OPT imaging of the ventricular myofiber organization in mouse hearts. (a) 3D OCT intensity image and (b) OPT visualization of the global myofiber architecture in a freshly dissected heart from a seven-month-old C57BL/6 (BL6) mouse. (c) Depth-dependent myofiber orientation through the left (LV) and right (RV) ventricular walls. (d) A comparison of ventricular tissue damages in a BL6 mouse (normal) and an mdx4cv mouse, a model for Duchenne cardiomyopathy, where the dark red regions indicate focal tissue damages. The images in (a) to (c) are adapted from Wang et al.⁴⁴; the images in (d) are adapted from Wang et al.⁶² (A color version of this figure is available in the online journal.)

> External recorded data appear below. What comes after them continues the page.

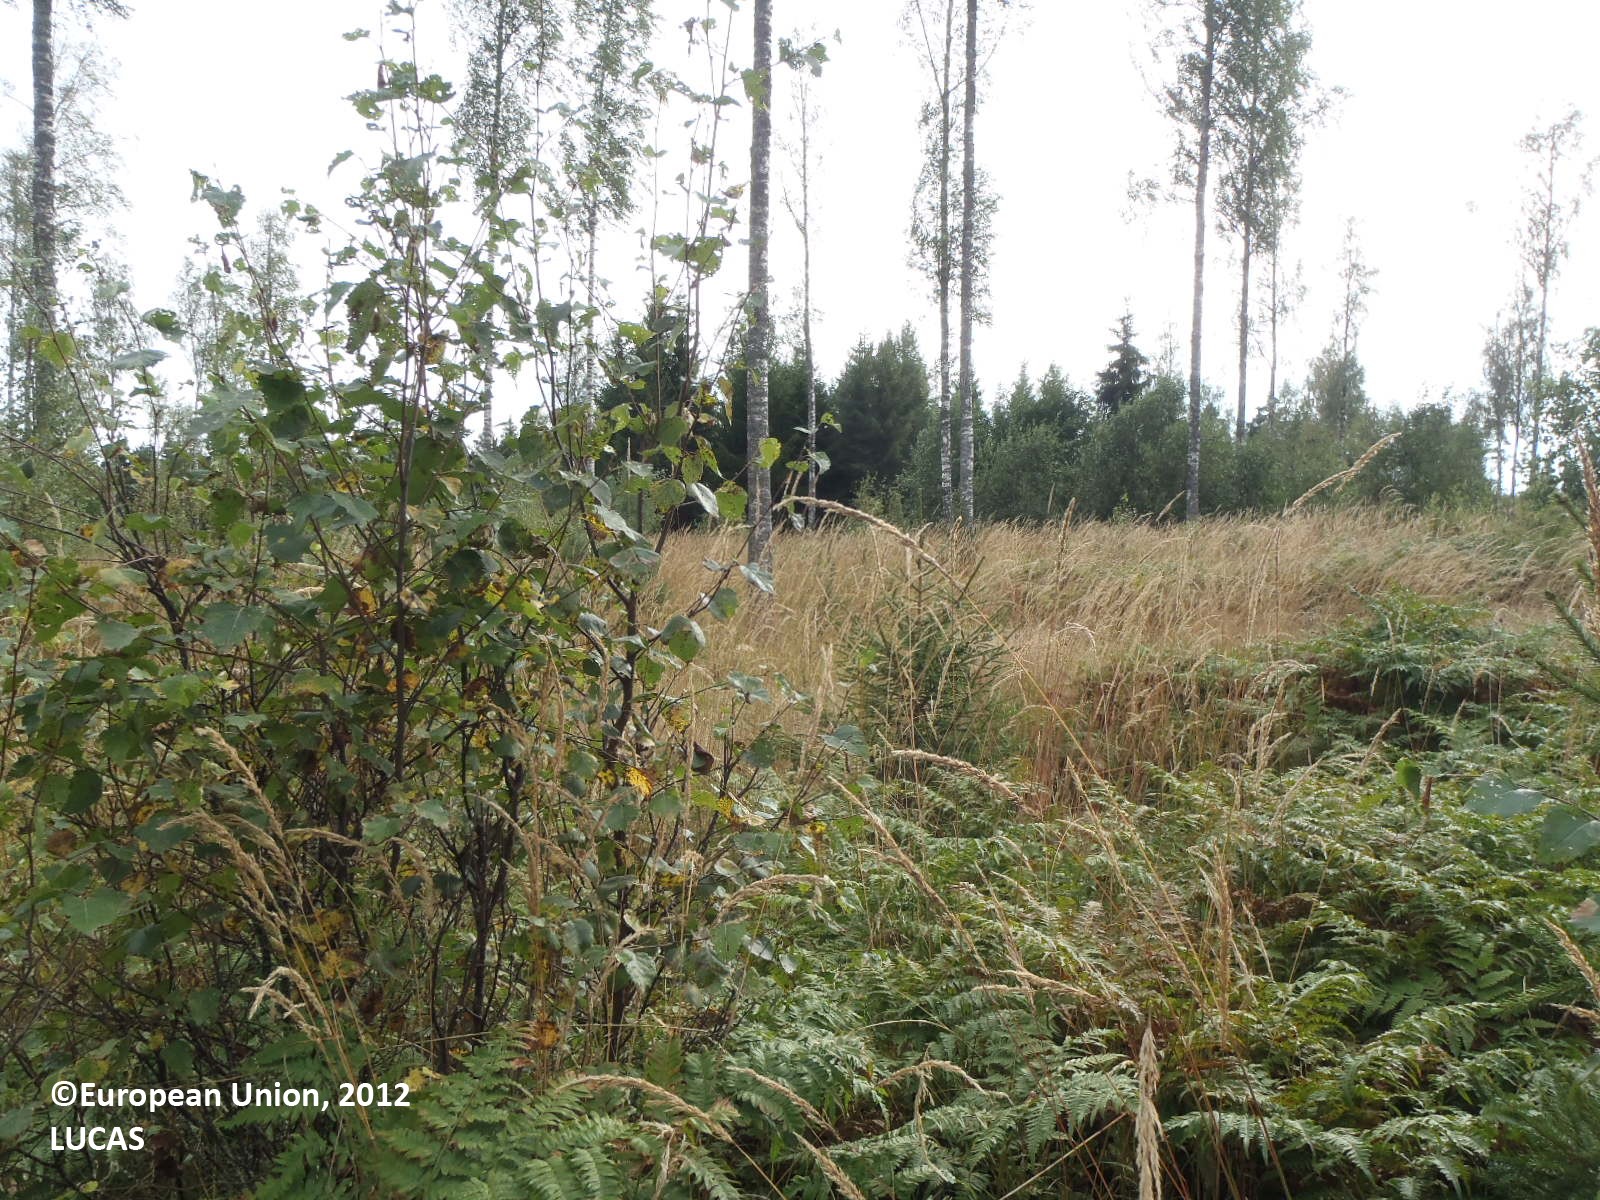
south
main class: Woodland
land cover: Other mixed woodland
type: boreal forest
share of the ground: 25 - 50 %
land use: Forestry
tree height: > 5 m
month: August
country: FI
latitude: 60.7728
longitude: 22.4981

Owing to its high spatial resolution, the orientation measured in OPT can be compared directly with histology results, which has been used to validate OPT’s accuracy in mapping depth-resolved fiber orientation in tissue.⁶¹ In addition to visualizing the myofiber organization, the obtained 3D tractograms can be further quantified to study disease-related structural remodeling in the ventricular wall. For example, Wang et al. found that structural remodeling was more severe in the right ventricle in a mouse model of Duchenne cardiomyopathy.⁴⁴ Furthermore, by analyzing the disperse of fiber orientation using circular data statistics, it is possible to identify regions with disorganized myofibers.⁶² These identified regions can then be used to visualize and quantify the small focal myocardial damages in the entire ventricular wall (Figure 3(d)).⁶² Such quantification capabilities provide a valuable tool to determine precisely the scale and extent of disease progression and treatment outcome in small animal models of heart diseases, which is hard to obtain using standard histology techniques.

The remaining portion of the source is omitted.